There are probably not many readers here who would fully endorse Brownie McGhee’s dictum that “Blues is Truth”. Whilst you might well agree with me that the blues is a music very expressive of the human condition, you’d probably consider that its truth lies in a fairly restricted sphere. You might even wonder if its practitioners always bare their souls honestly, rather than playing what they know their audiences will pay for.
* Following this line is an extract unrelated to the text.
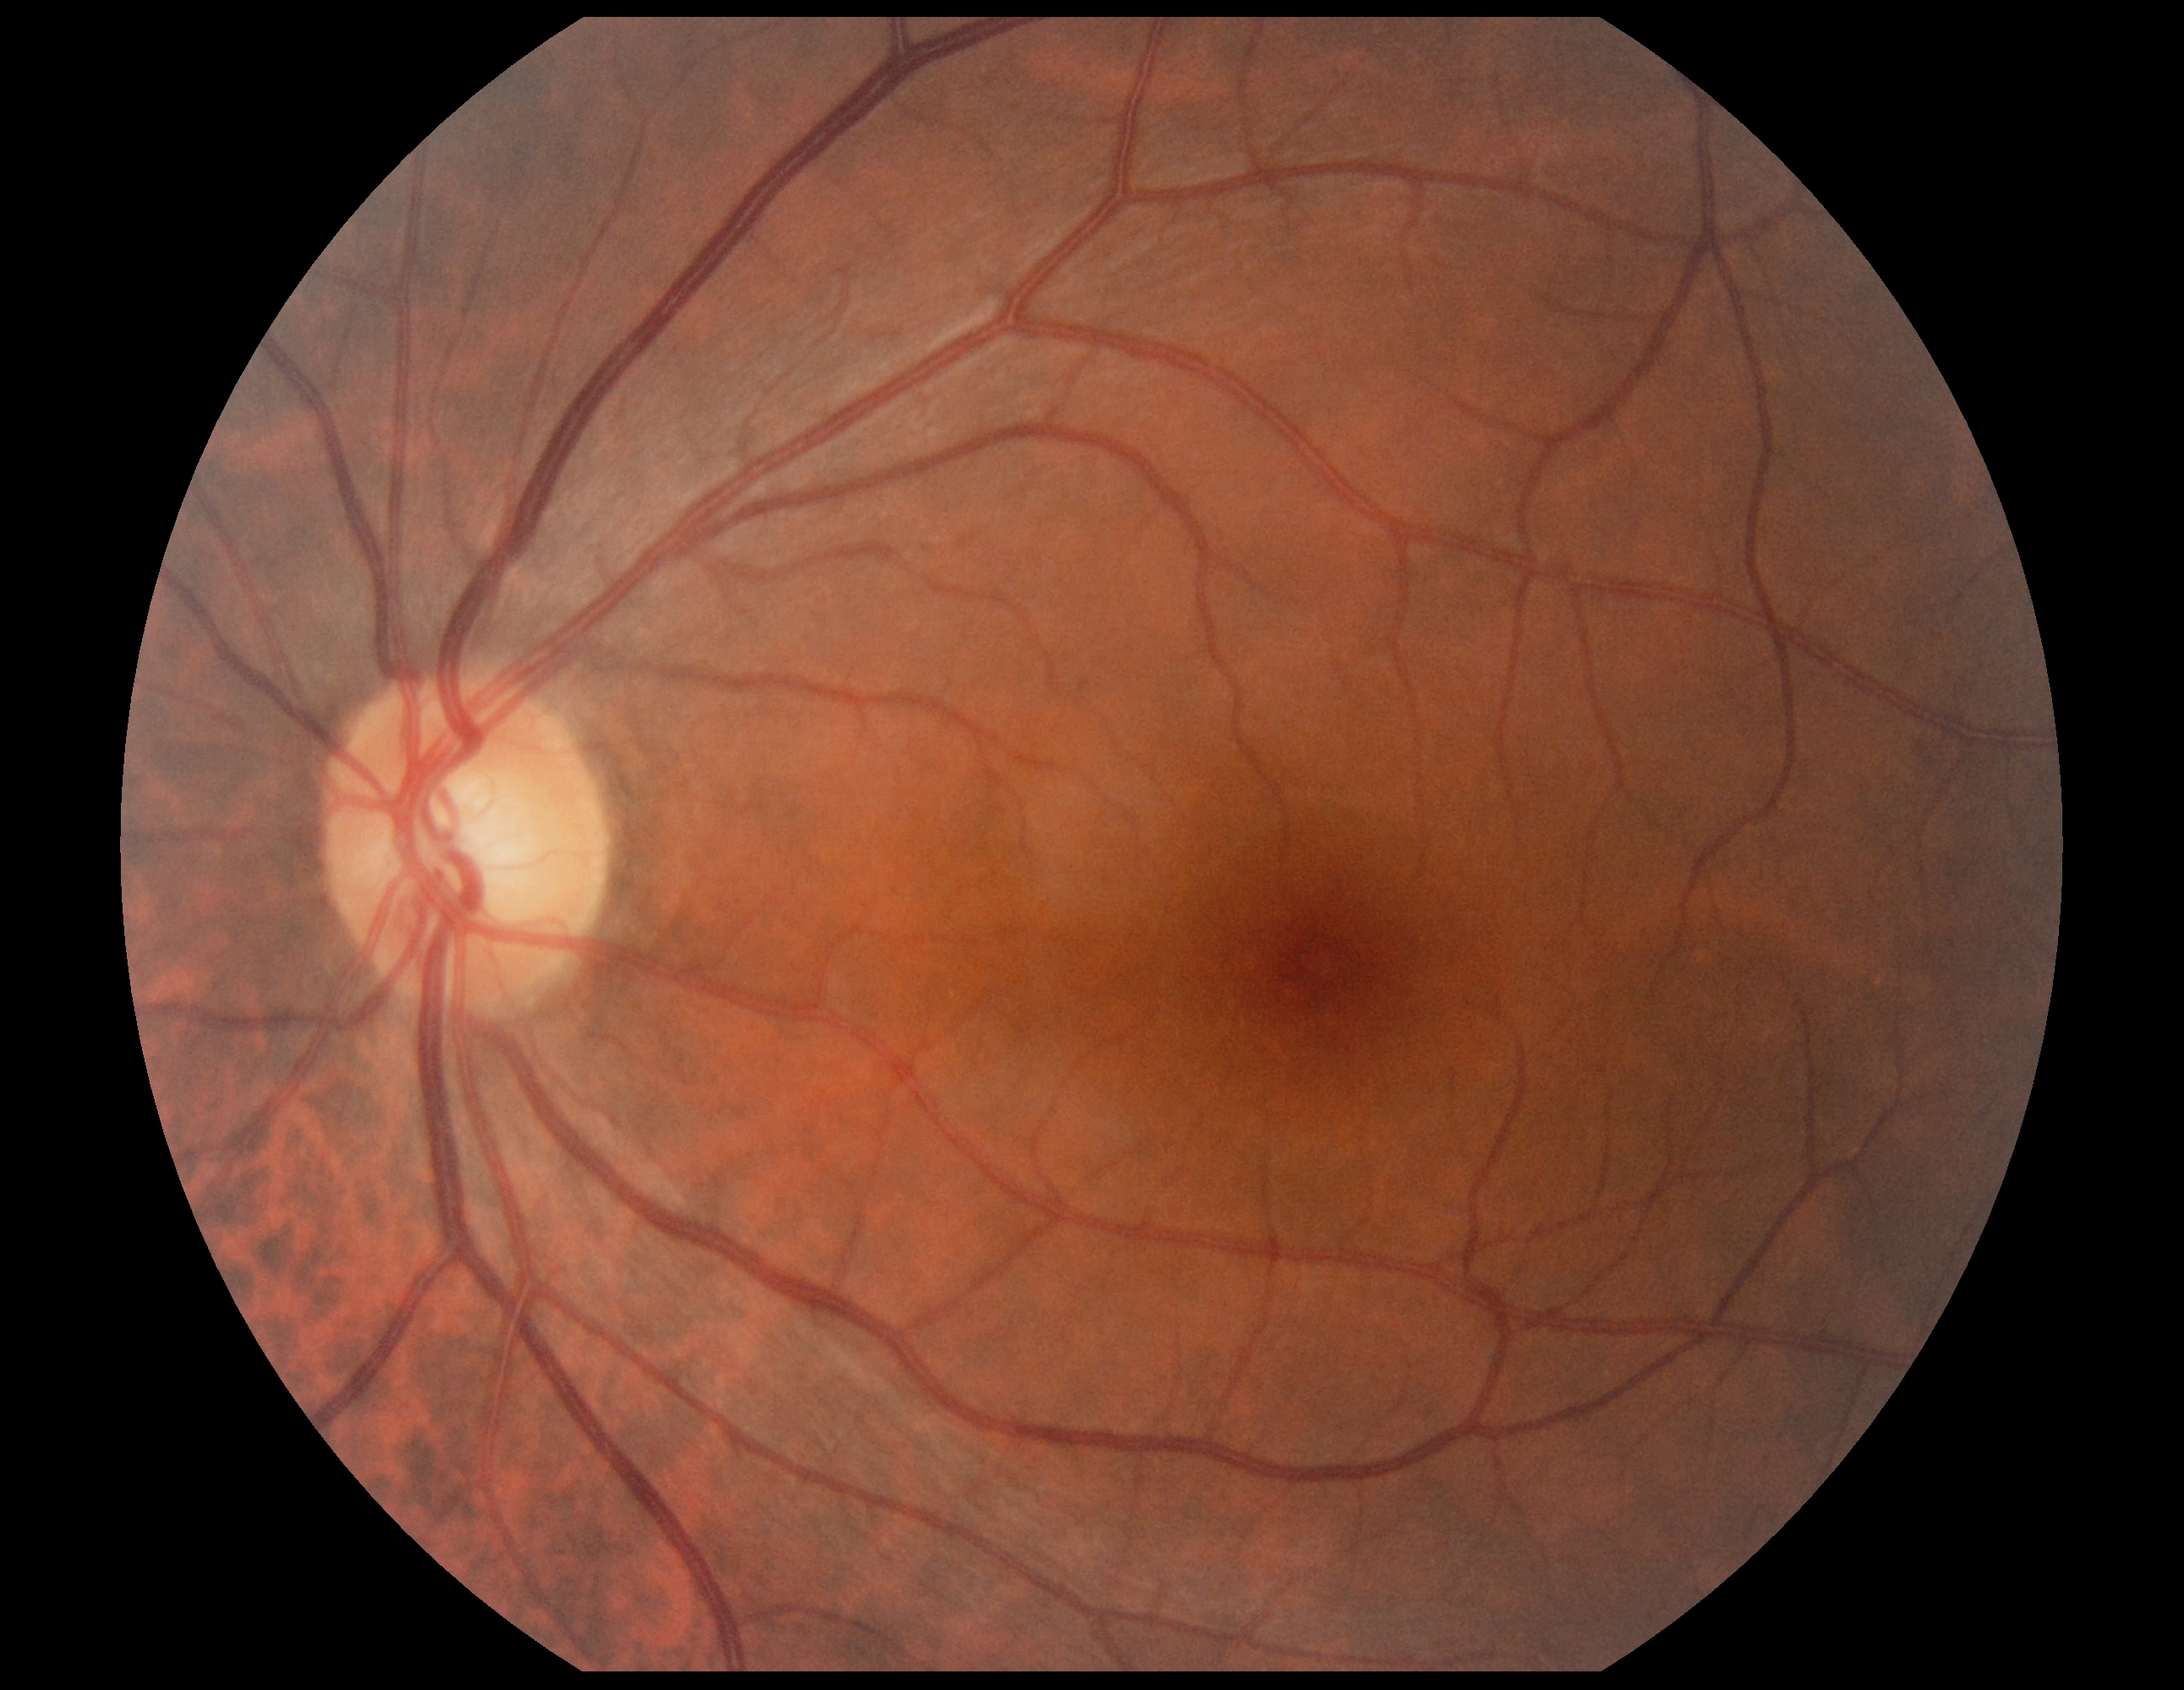 Annotations:
• diabetic retinopathy severity — grade 0 (no apparent retinopathy)
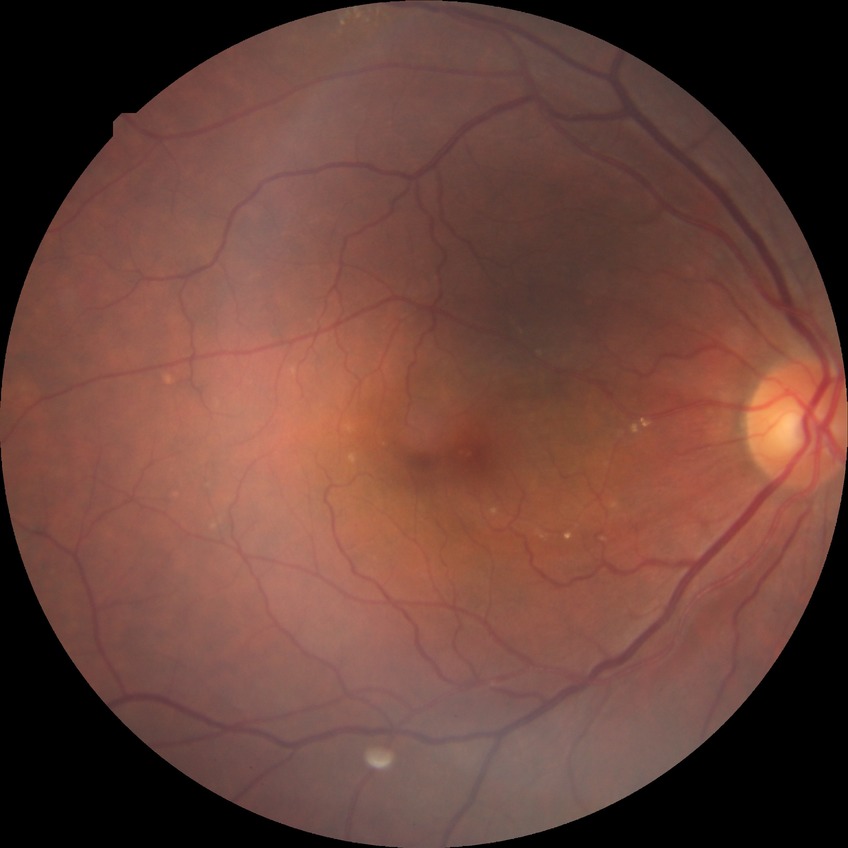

Then again, though Leadbelly said “There never was a white man had the blues” it owes its continued popularity, and even existence, to the efforts of a generation of white, British Grammar School kids like Eric Clapton and Brian Jones, who never knew what a mojo is, quite apart from how to get theirs working.

I mention this because scientism, in both its hard and soft forms, similarly trades on the idea that science is unique amongst human activities in being not just useful and worthwhile, or even noble, but “truth” in some absolute sense. Even when the actual weaknesses of actual scientific enterprises are highlighted, this “scientific exceptionalism” is still maintained.

I saw a small example of this in one of the videos included on Rupert Sheldrake’s website, which I was browsing because there’s some interesting stuff there. This one was a discussion at the Hay-on-Wye book festival, in which Sheldrake and others were suggesting various reforms that would benefit the scientific programme. One contributor was a philosopher of science who adapted the famous aphorism about democracy to capture the audience’s attention. “Science,” he said, “is a very bad way of acquiring knowledge … until you consider all the other alternatives.” By way of qualification, he added that science, for all its problems, is self-correcting, to which there was a murmur of assent from the panellists.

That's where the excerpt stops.